§ What you should do:
Your answer must hold only the lines below from the line containing "main class: Woodland" through the line containing "tree height: > 5 m", each reproduced exactly.
[[ Source material, beginning ]]
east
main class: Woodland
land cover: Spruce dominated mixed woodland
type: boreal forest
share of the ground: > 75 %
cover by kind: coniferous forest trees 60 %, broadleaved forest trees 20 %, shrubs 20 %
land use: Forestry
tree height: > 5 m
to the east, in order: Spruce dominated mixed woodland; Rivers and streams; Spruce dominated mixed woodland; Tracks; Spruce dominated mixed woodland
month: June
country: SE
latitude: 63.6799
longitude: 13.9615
[[ Source material, end ]]
§ Written solution:
main class: Woodland
land cover: Spruce dominated mixed woodland
type: boreal forest
share of the ground: > 75 %
cover by kind: coniferous forest trees 60 %, broadleaved forest trees 20 %, shrubs 20 %
land use: Forestry
tree height: > 5 m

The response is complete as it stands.